#### [Exercise requirements]
Each entry should be set down again verbatim, with the images omitted.

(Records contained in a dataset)
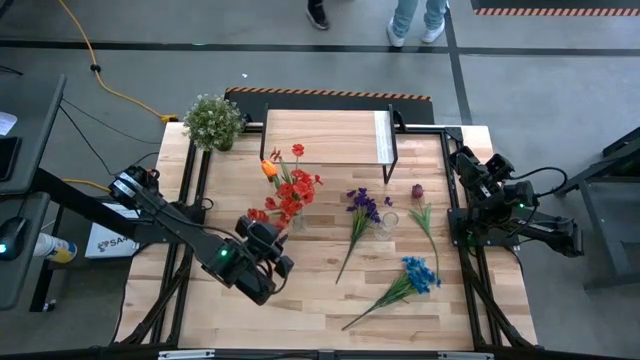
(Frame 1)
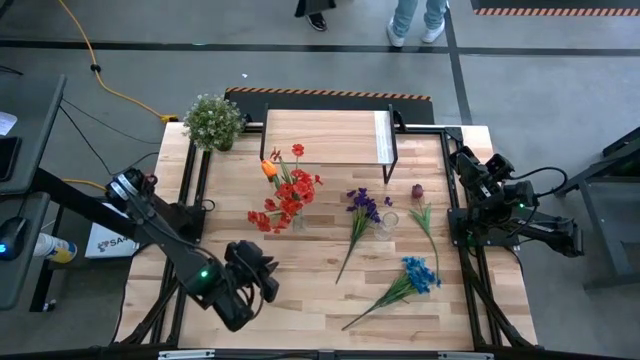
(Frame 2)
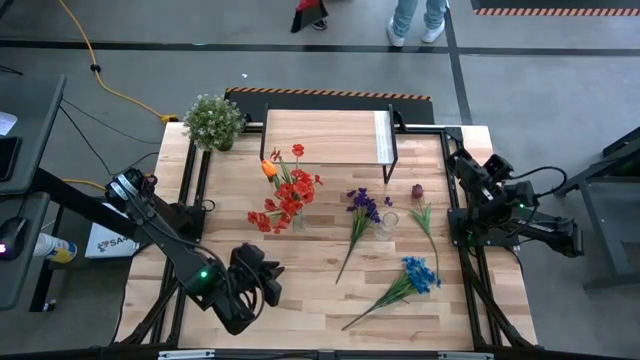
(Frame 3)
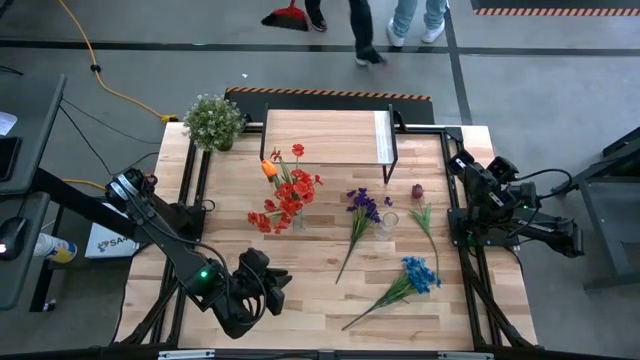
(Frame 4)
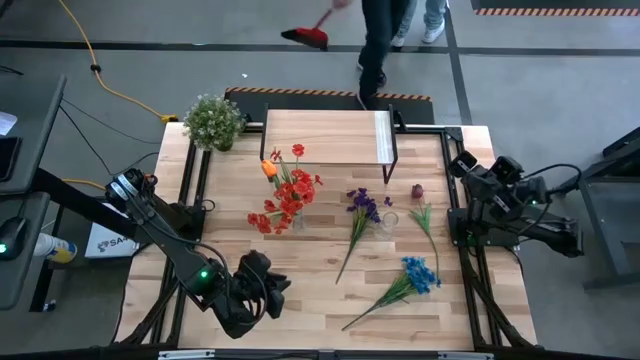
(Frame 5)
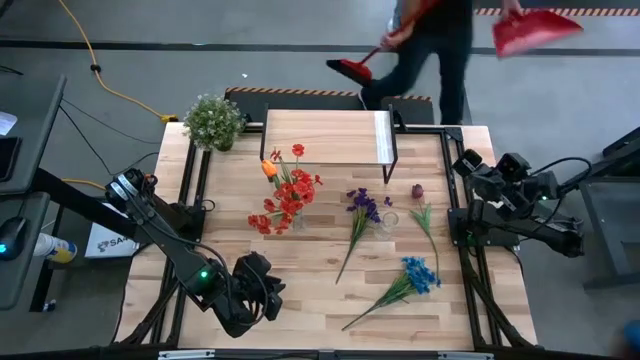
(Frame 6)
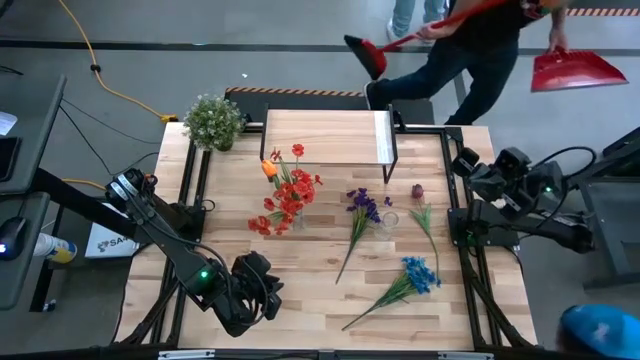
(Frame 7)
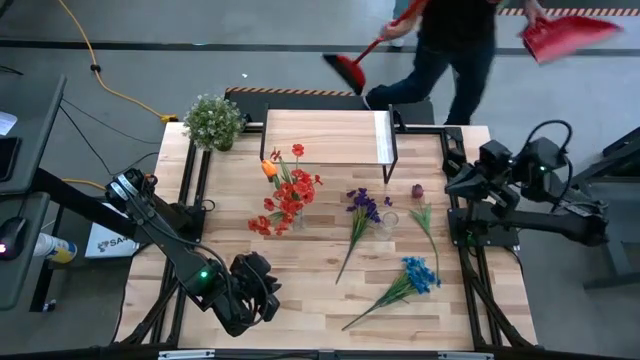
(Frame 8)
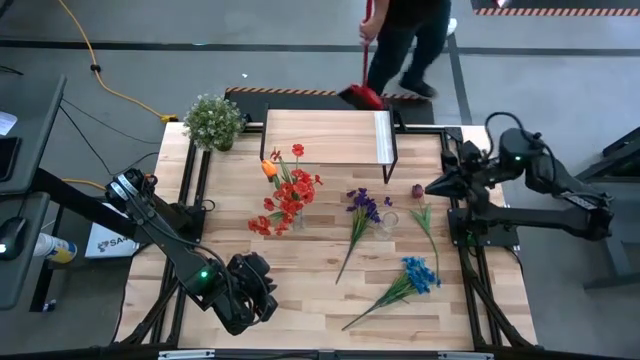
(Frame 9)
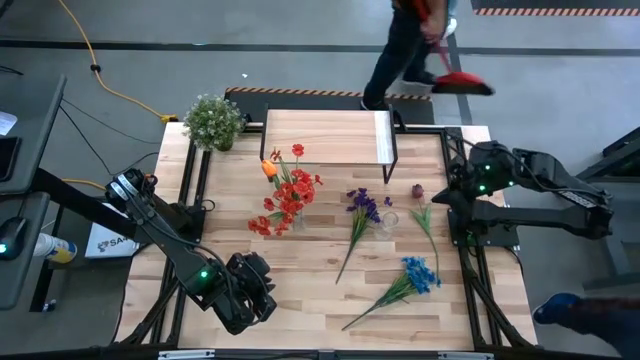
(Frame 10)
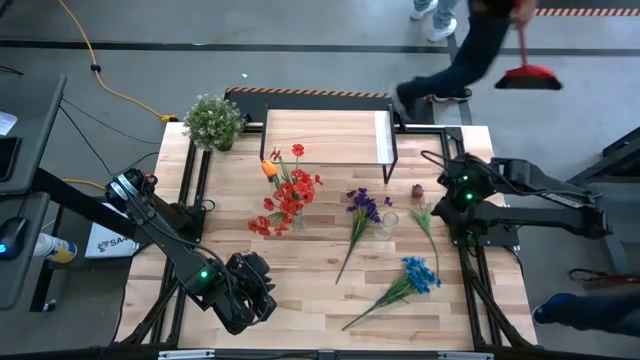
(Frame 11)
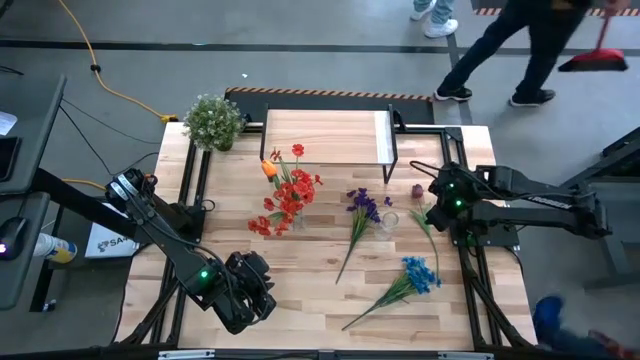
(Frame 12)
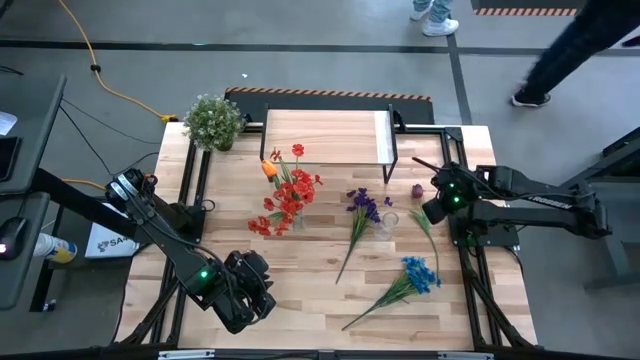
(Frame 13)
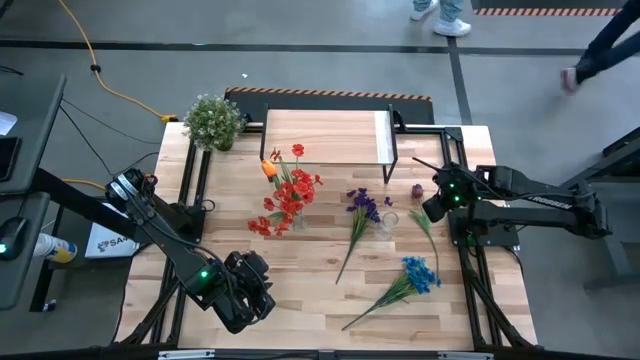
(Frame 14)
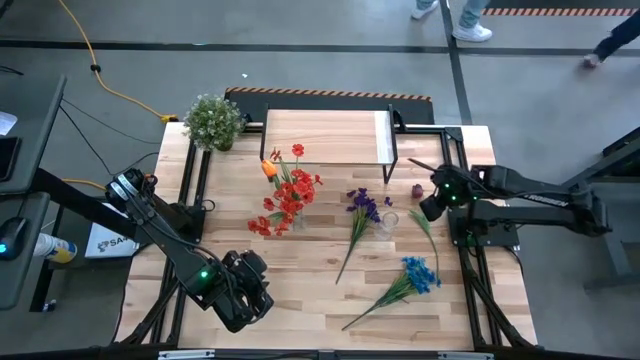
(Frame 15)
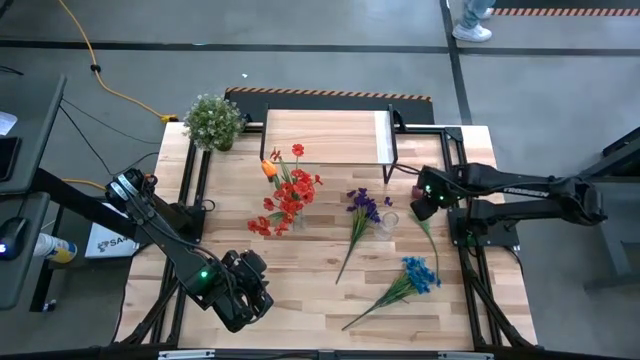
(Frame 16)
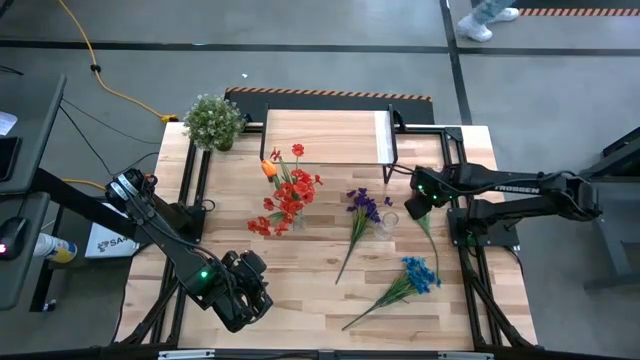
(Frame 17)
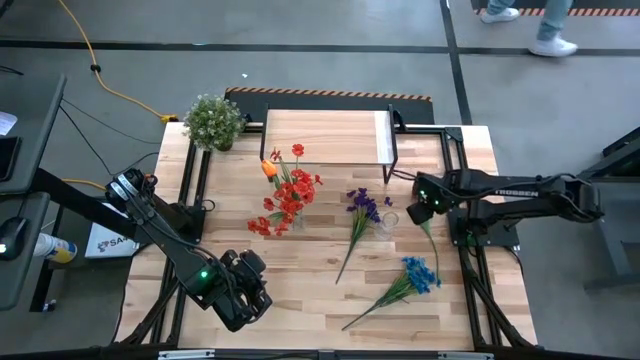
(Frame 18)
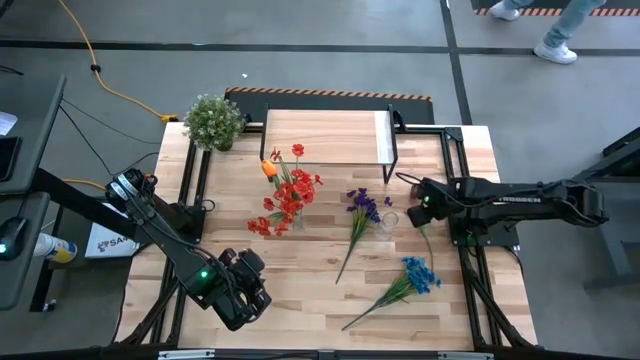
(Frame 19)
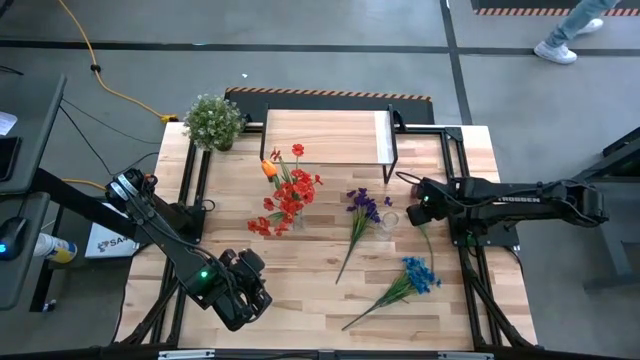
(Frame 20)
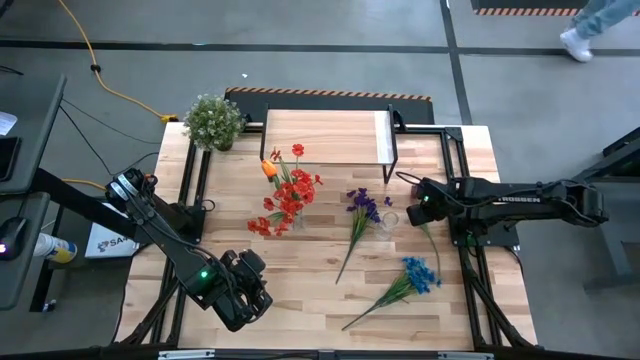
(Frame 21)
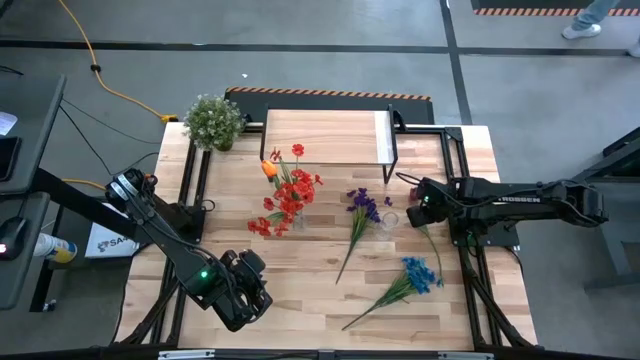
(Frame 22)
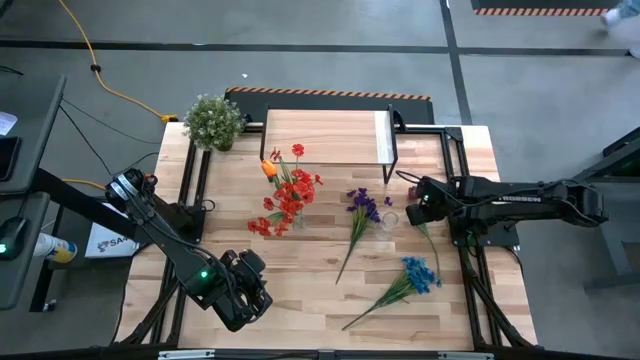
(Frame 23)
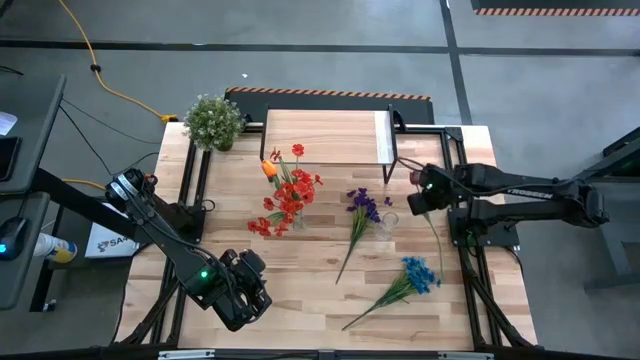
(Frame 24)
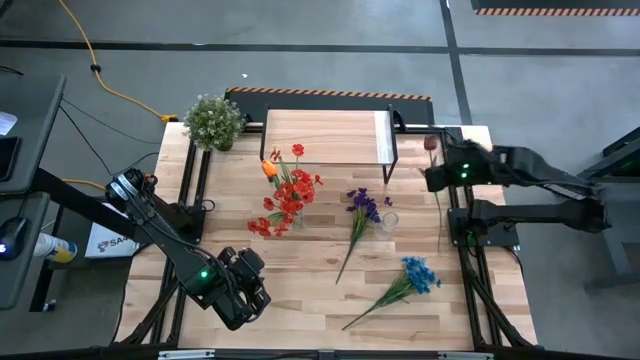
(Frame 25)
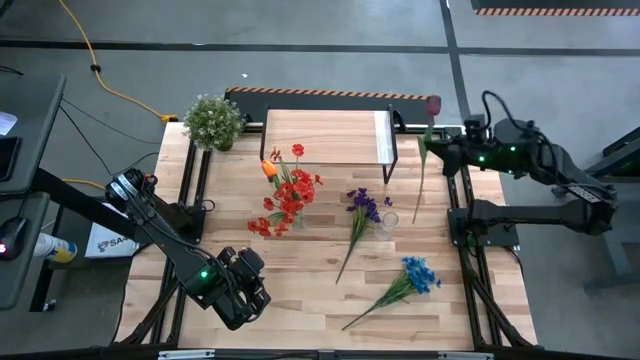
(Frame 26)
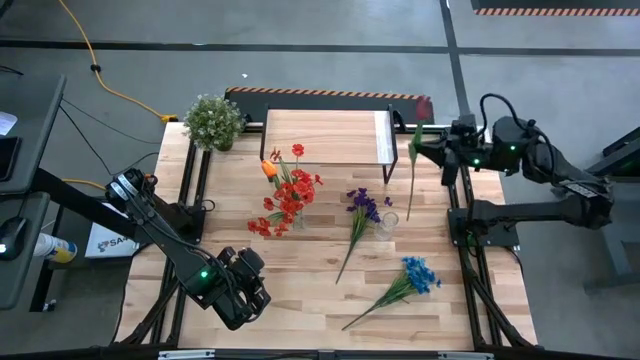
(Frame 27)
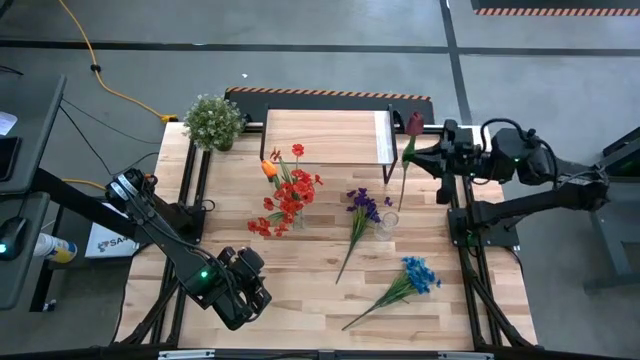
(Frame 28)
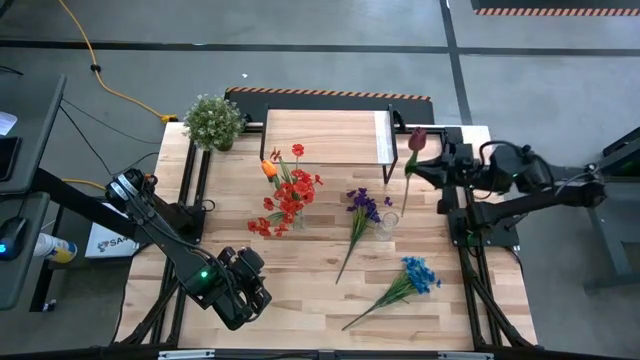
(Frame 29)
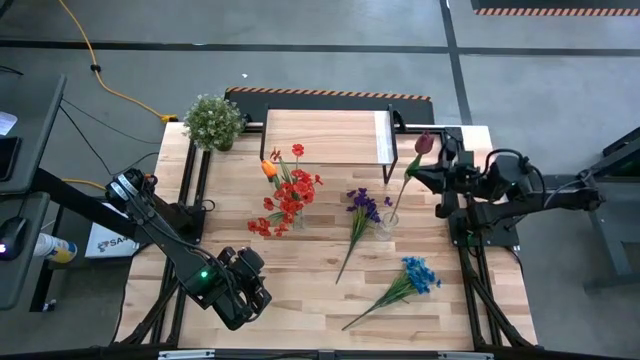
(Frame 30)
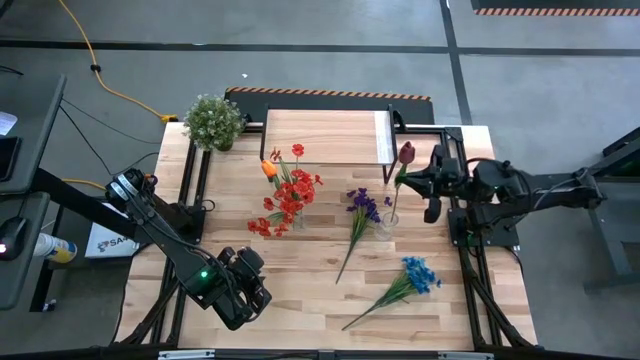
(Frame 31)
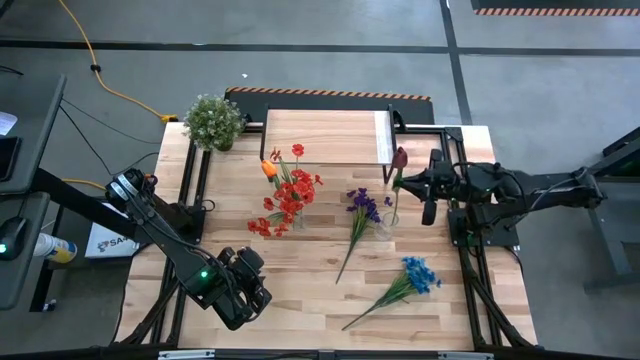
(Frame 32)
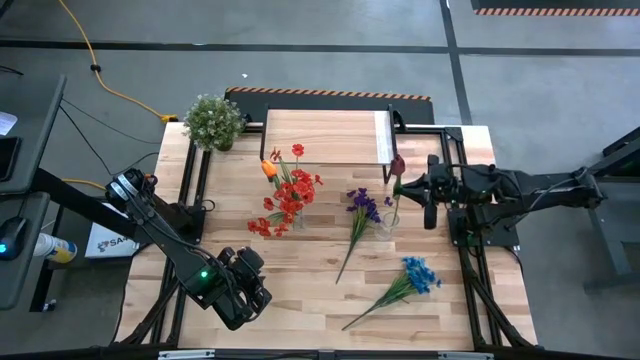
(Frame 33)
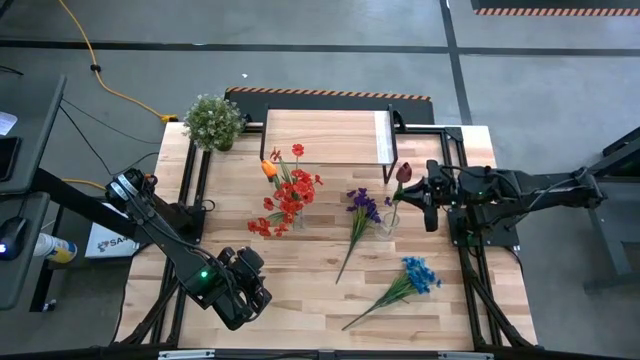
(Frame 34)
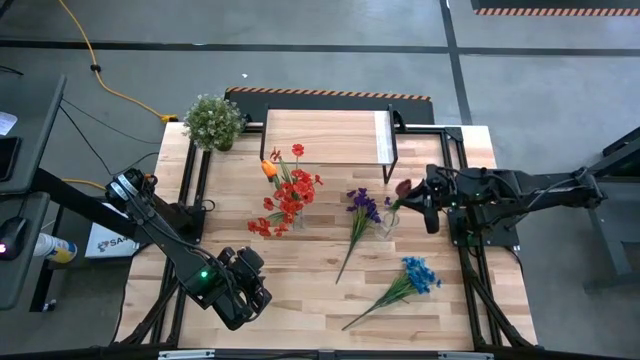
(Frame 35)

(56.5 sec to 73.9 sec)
Task: Pick and place flowers into a vace then onto a shelf
Put the red tulip into the right transparent vase

#### [Answer space]
(Frame 1)
(Frame 2)
(Frame 3)
(Frame 4)
(Frame 5)
(Frame 6)
(Frame 7)
(Frame 8)
(Frame 9)
(Frame 10)
(Frame 11)
(Frame 12)
(Frame 13)
(Frame 14)
(Frame 15)
(Frame 16)
(Frame 17)
(Frame 18)
(Frame 19)
(Frame 20)
(Frame 21)
(Frame 22)
(Frame 23)
(Frame 24)
(Frame 25)
(Frame 26)
(Frame 27)
(Frame 28)
(Frame 29)
(Frame 30)
(Frame 31)
(Frame 32)
(Frame 33)
(Frame 34)
(Frame 35)

(56.5 sec to 73.9 sec)
Task: Pick and place flowers into a vace then onto a shelf
Put the red tulip into the right transparent vase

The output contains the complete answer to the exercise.